Save and load compressed KV caches to disk:

```python
from prismkv.cache.cache_store import save_cache, load_cache

# Serialize compressed codes + config to NPZ
save_cache(cache, "checkpoint.npz")

# Reconstruct — returns PrismKVCache with fully seeded DynamicCache layers
cache = load_cache("checkpoint.npz", device="cpu")
```

REST API ingestion for the RAG engine:

```python
from prismkv.rag.adapters import APIAdapter

engine.ingest(APIAdapter(
    "https://api.example.com/articles",
    text_field="body",
    source_id="api_articles",
))
```

## End-to-End Benchmark (M11)

Memory footprint and reconstruction quality comparison — no model download required:

```python
from prismkv.eval.e2e_benchmark import run_e2e_benchmark, print_e2e_table

report = run_e2e_benchmark(head_dim=64, n_heads=12, n_layers=12)
print_e2e_table(report)
```

```
KV Cache Memory Footprint  (12L × 12H × d=64)
Context     FP16       3bit       4bit       5bit
  1,024    18.0MB   3.4MB(5.3×)  4.5MB(4.0×)  5.6MB(3.2×)
  4,096    72.0MB  13.5MB(5.3×) 18.0MB(4.0×) 22.5MB(3.2×)
 16,384   288.0MB  54.0MB(5.3×) 72.0MB(4.0×) 90.0MB(3.2×)
```

For pseudo-perplexity measurement (requires GPT-2 download):

```bash
python scripts/run_e2e_benchmark.py --pseudo-ppl
```

---

## Citation / Prior Art

This repository was publicly released on **2026-03-30** as a defensive publication.
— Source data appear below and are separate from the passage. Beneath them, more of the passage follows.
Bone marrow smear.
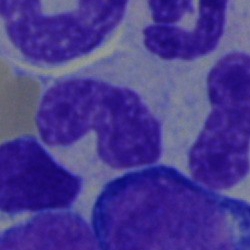 Specimen: bone marrow aspirate smear.
Cell: stab cell.
Lineage: myeloid.
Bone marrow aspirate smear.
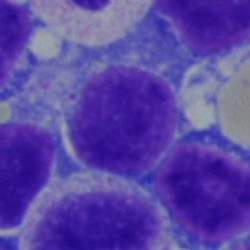 Specimen: bone marrow smear.
Cell: lymphocyte.
Lineage: lymphoid.
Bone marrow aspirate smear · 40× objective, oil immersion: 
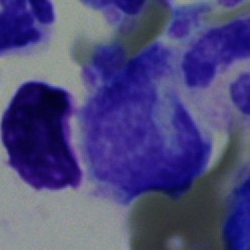

Specimen: bone marrow smear.
Cell type: monocyte.
Lineage: myeloid.
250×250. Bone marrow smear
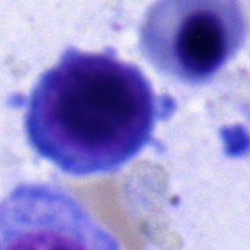 The cell is erythroblast.
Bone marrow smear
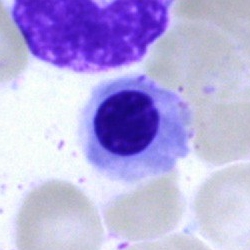 This is a normoblast.
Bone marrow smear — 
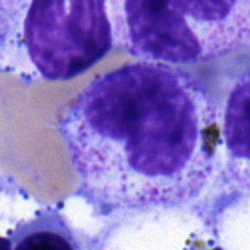
The classification is metamyelocyte.
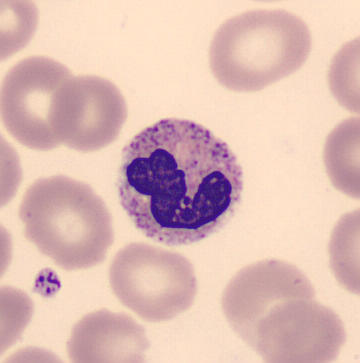360×363 · peripheral blood smear.

Showing a band neutrophil.
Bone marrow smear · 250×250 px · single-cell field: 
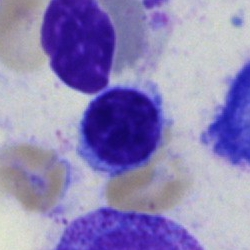
Single cell identified as a typical lymphocyte.
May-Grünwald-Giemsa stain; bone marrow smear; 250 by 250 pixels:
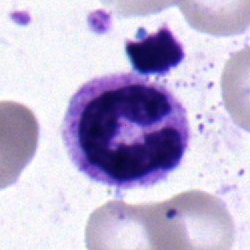

Single cell identified as a neutrophil (segmented).
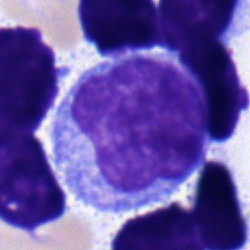

Morphology — monocyte.
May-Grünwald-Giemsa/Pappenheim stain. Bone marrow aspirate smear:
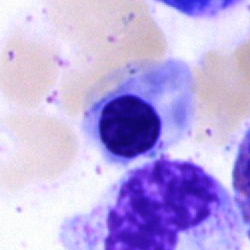Morphological class = normoblast.
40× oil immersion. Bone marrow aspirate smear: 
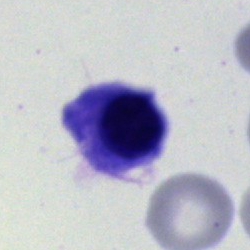
Impression — nucleated red cell.
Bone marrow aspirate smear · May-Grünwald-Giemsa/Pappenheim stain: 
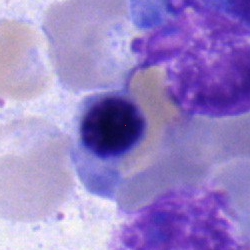
This is a nucleated red blood cell.
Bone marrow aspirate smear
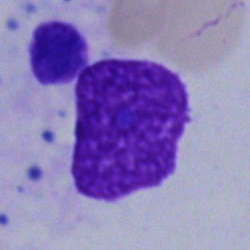
{"cell_type": "artefact"}
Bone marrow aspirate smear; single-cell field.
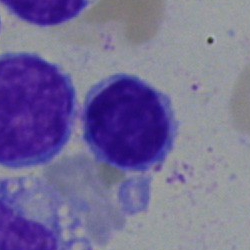

Cell: typical lymphocyte.

If you build on these ideas, a citation is appreciated but not required under the Apache-2.0 license:

```
@misc{hicks2026prismkv,
  author = {Dan Hicks},
  title  = {PrismKV: 3-D Stacked-Plane KV Cache Quantization},
  year   = {2026},
  url    = {https://github.com/danhicks96/PrismKV}
}
```

---

## License

Apache 2.0 — see [LICENSE](LICENSE) for details.